Start of Data provided

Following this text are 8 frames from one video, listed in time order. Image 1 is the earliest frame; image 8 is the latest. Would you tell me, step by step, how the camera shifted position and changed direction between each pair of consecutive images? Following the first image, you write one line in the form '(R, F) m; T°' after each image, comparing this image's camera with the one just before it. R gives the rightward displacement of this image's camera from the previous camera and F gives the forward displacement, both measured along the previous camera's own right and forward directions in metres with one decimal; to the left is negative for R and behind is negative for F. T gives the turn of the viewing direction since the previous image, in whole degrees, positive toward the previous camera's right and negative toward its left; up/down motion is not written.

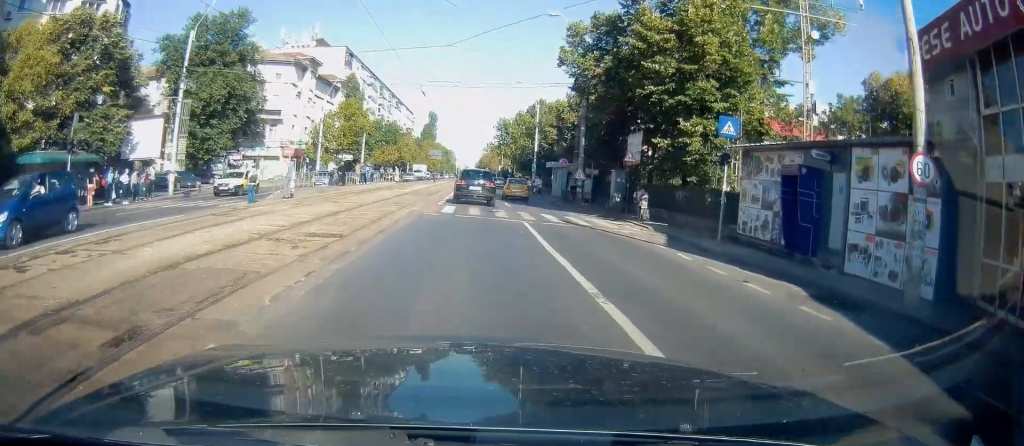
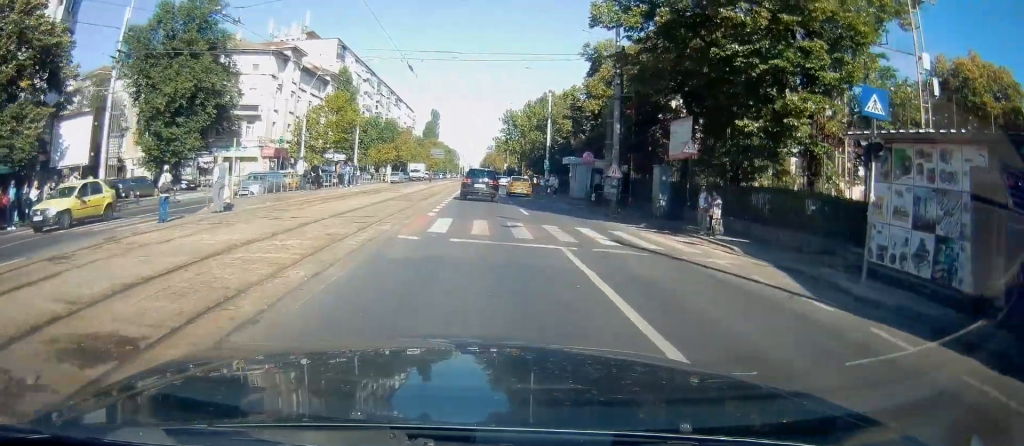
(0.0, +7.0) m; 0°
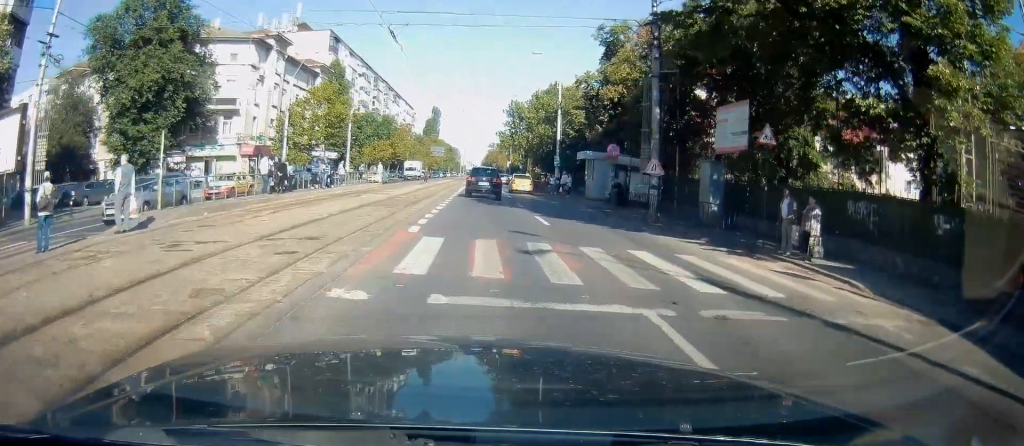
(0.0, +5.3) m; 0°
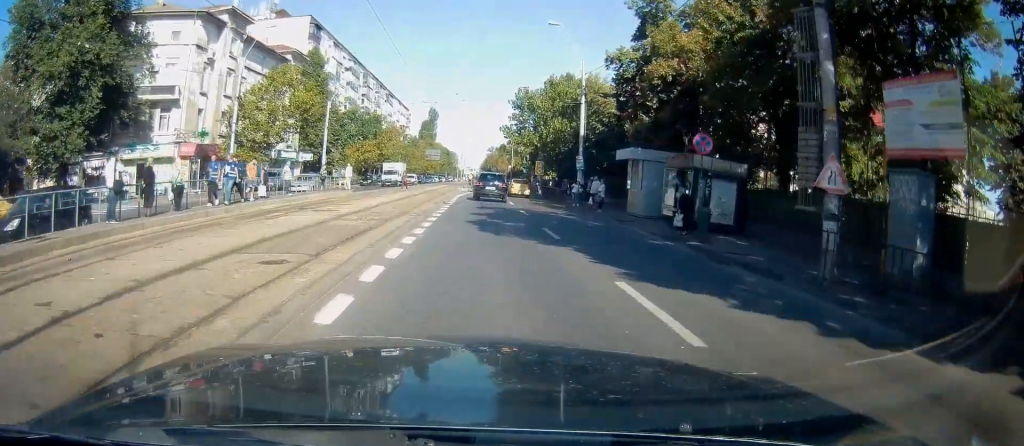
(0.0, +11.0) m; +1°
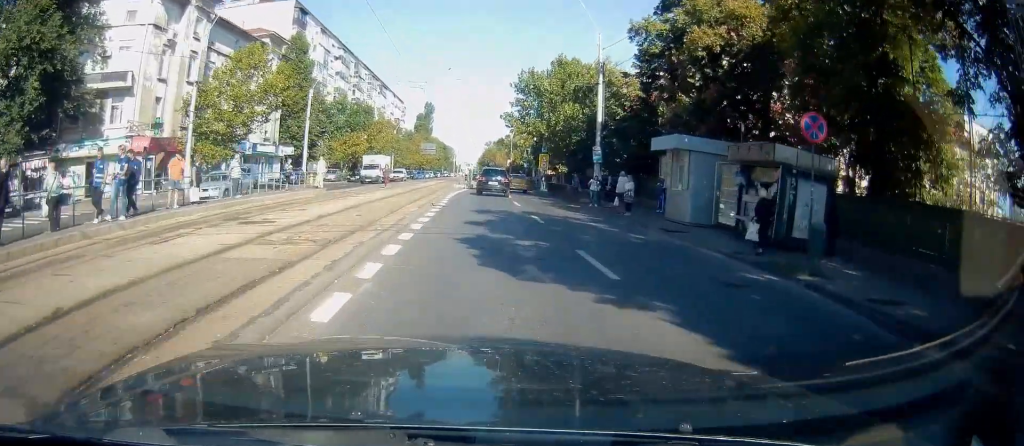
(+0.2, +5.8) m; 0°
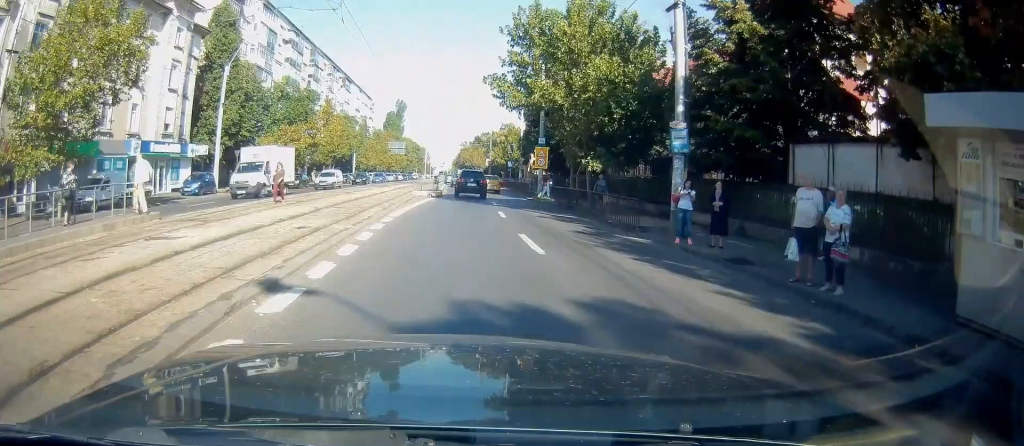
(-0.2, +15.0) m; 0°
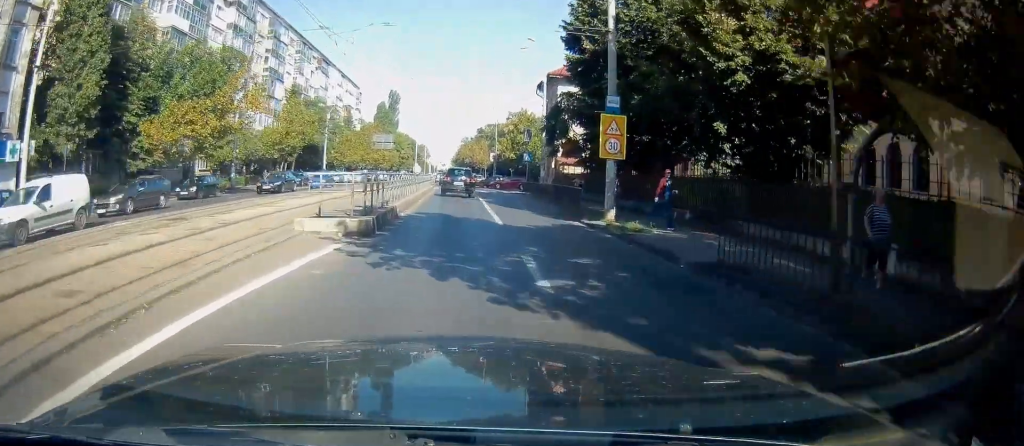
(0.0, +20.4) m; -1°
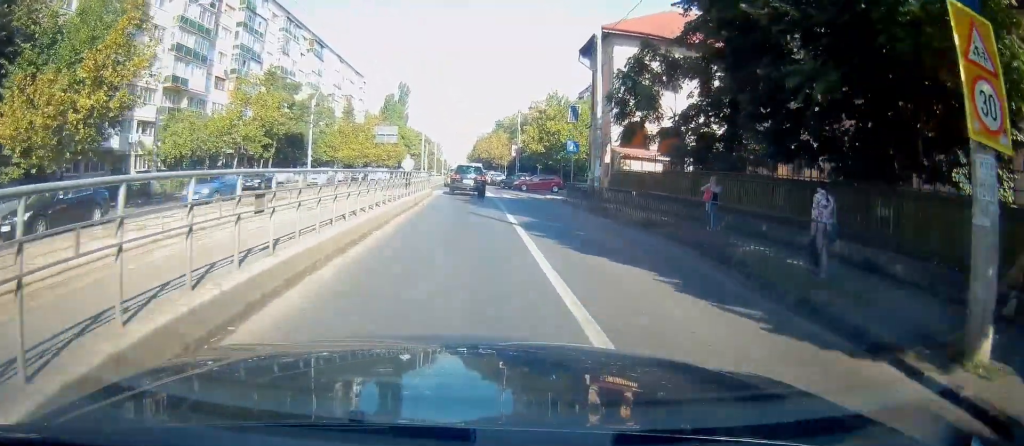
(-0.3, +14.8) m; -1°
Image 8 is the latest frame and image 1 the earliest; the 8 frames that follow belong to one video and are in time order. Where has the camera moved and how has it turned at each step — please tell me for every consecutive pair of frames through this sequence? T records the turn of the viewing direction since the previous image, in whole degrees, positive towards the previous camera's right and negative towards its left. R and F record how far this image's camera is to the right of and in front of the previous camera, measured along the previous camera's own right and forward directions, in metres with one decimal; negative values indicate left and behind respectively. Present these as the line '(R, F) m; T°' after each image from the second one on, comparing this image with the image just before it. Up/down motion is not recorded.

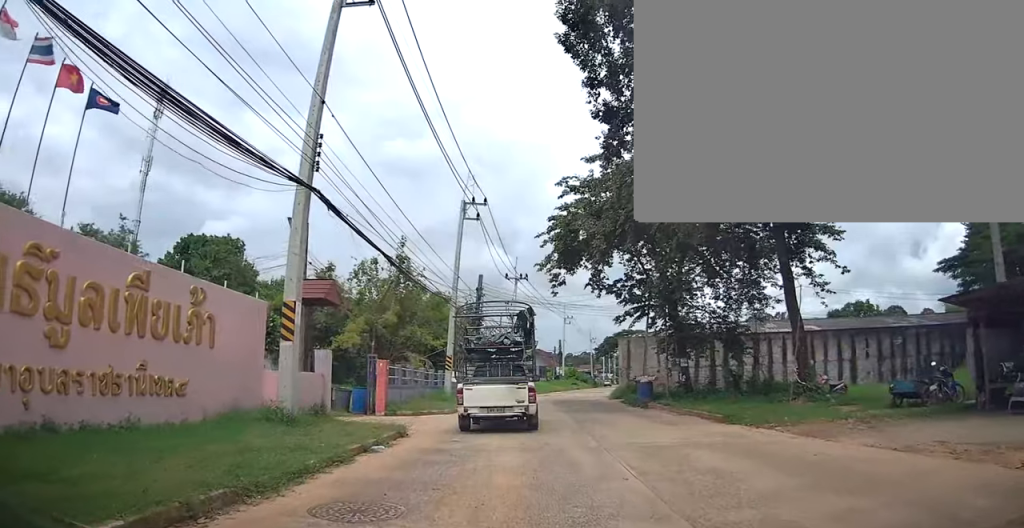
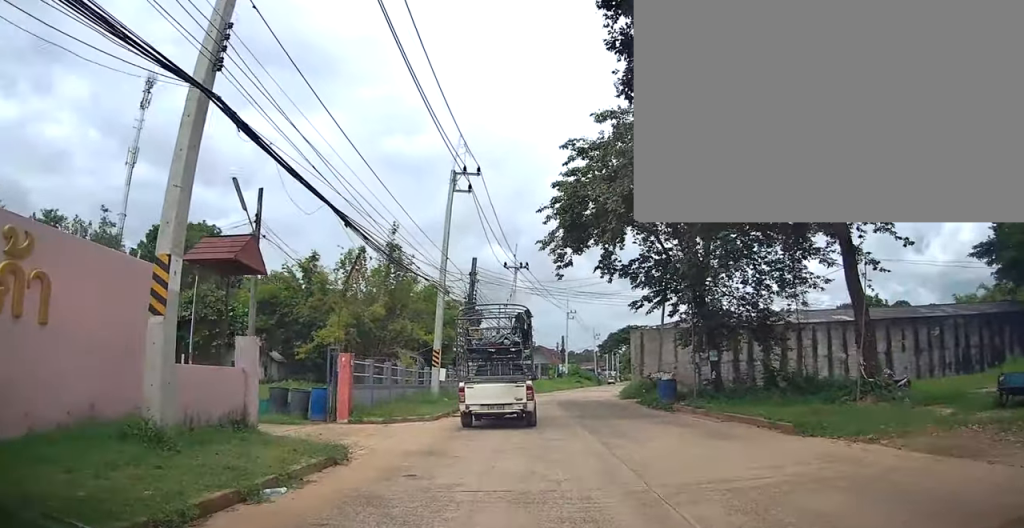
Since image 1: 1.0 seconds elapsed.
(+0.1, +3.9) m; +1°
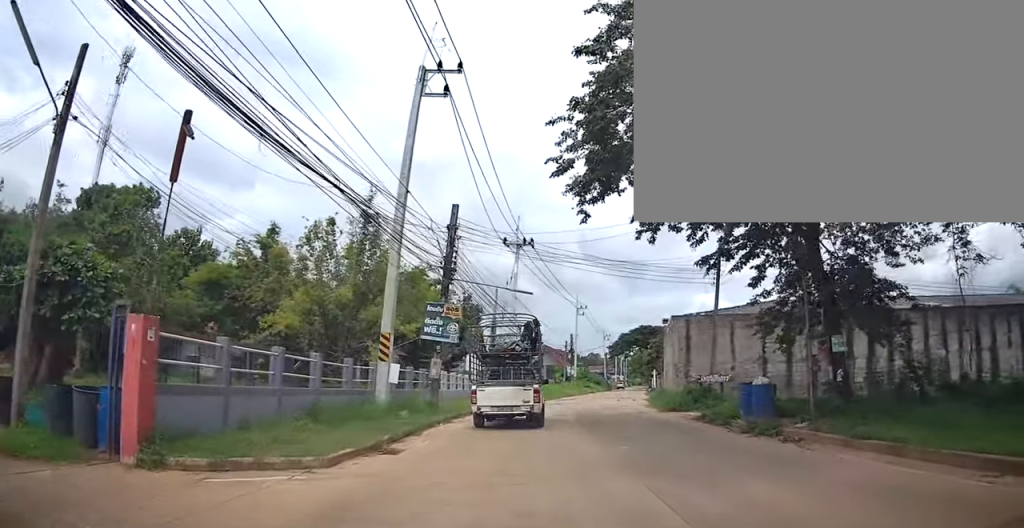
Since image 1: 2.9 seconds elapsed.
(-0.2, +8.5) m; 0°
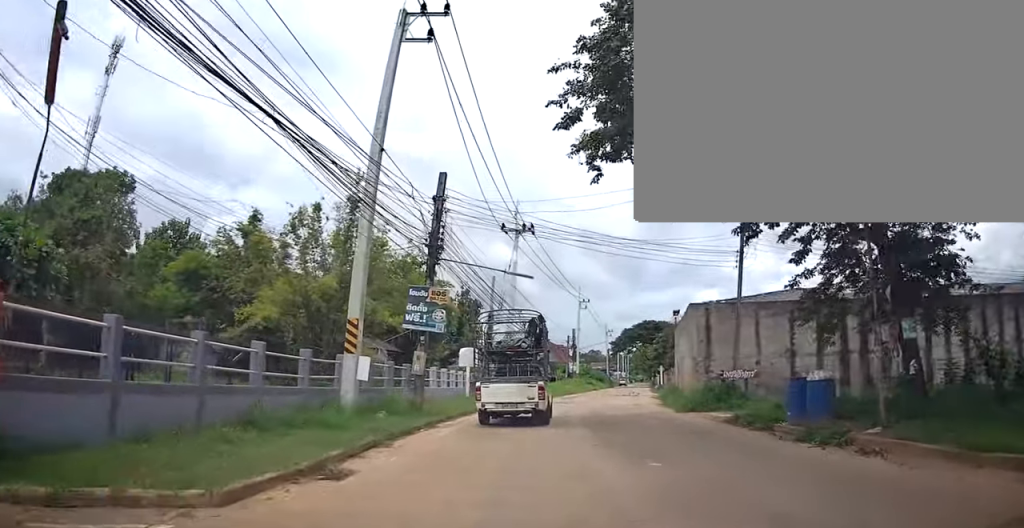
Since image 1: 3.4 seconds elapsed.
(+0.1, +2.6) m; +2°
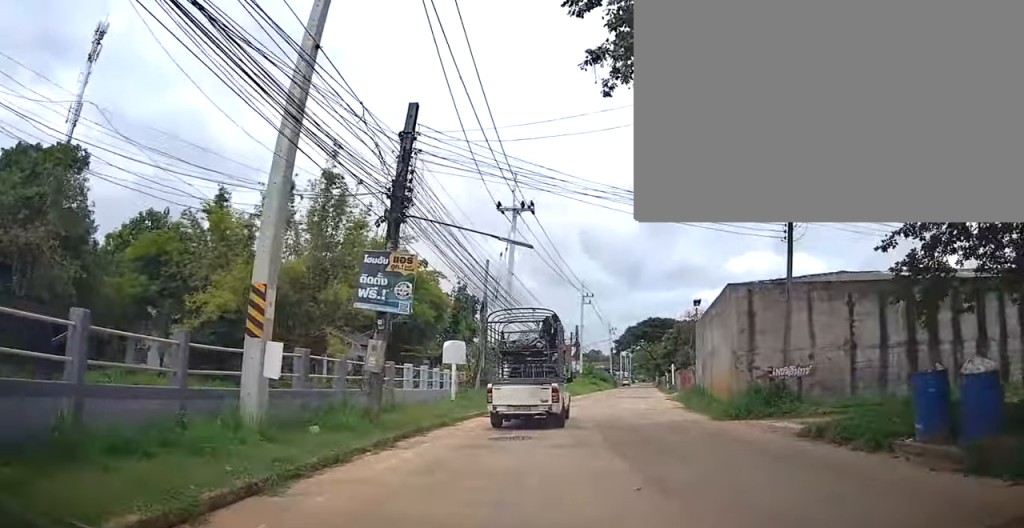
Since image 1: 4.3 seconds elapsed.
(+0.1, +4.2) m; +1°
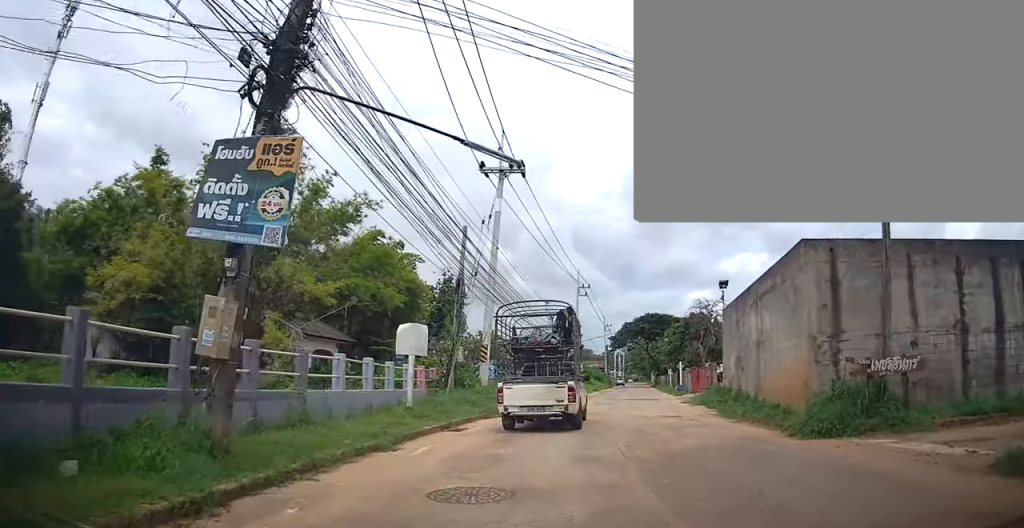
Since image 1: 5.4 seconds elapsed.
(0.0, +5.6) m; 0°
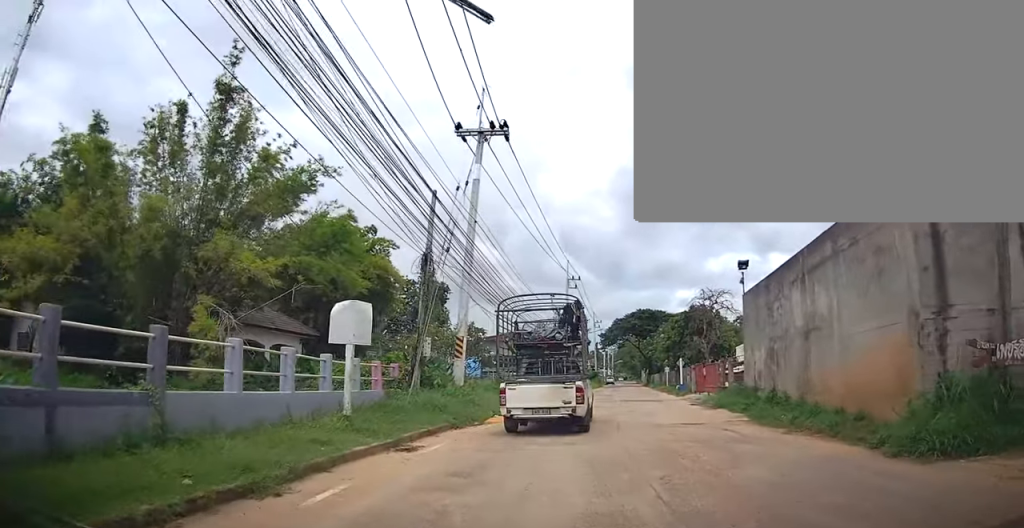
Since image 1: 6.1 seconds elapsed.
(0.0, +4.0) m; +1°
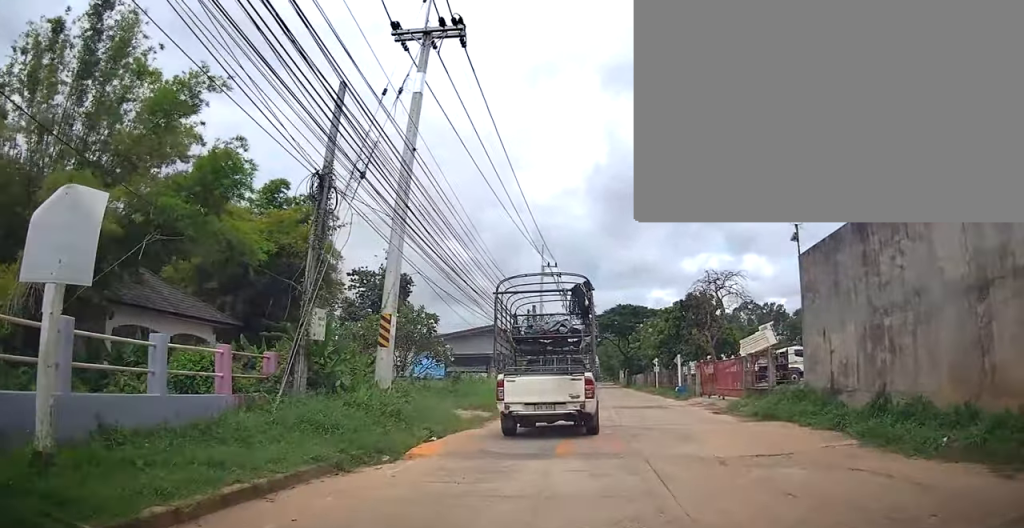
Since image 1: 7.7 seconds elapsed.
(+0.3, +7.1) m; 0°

End of Data provided

Exercise instructions: In the copy, every entry must appear exactly as written, and no picture may appear.

Written solution:
Following this text are 8 frames from one video, listed in time order. Image 1 is the earliest frame; image 8 is the latest. Would you tell me, step by step, how the camera shifted position and changed direction between each pair of consecutive images? Following the first image, you write one line in the form '(R, F) m; T°' after each image, comparing this image's camera with the one just before it. R gives the rightward displacement of this image's camera from the previous camera and F gives the forward displacement, both measured along the previous camera's own right and forward directions in metres with one decimal; to the left is negative for R and behind is negative for F. T gives the turn of the viewing direction since the previous image, in whole degrees, positive toward the previous camera's right and negative toward its left; up/down motion is not written.

(0.0, +7.0) m; 0°
(0.0, +5.3) m; 0°
(0.0, +11.0) m; +1°
(+0.2, +5.8) m; 0°
(-0.2, +15.0) m; 0°
(0.0, +20.4) m; -1°
(-0.3, +14.8) m; -1°
Image 8 is the latest frame and image 1 the earliest; the 8 frames that follow belong to one video and are in time order. Where has the camera moved and how has it turned at each step — please tell me for every consecutive pair of frames through this sequence? T records the turn of the viewing direction since the previous image, in whole degrees, positive towards the previous camera's right and negative towards its left. R and F record how far this image's camera is to the right of and in front of the previous camera, measured along the previous camera's own right and forward directions, in metres with one decimal; negative values indicate left and behind respectively. Present these as the line '(R, F) m; T°' after each image from the second one on, comparing this image with the image just before it. Up/down motion is not recorded.

Since image 1: 1.0 seconds elapsed.
(+0.1, +3.9) m; +1°
Since image 1: 2.9 seconds elapsed.
(-0.2, +8.5) m; 0°
Since image 1: 3.4 seconds elapsed.
(+0.1, +2.6) m; +2°
Since image 1: 4.3 seconds elapsed.
(+0.1, +4.2) m; +1°
Since image 1: 5.4 seconds elapsed.
(0.0, +5.6) m; 0°
Since image 1: 6.1 seconds elapsed.
(0.0, +4.0) m; +1°
Since image 1: 7.7 seconds elapsed.
(+0.3, +7.1) m; 0°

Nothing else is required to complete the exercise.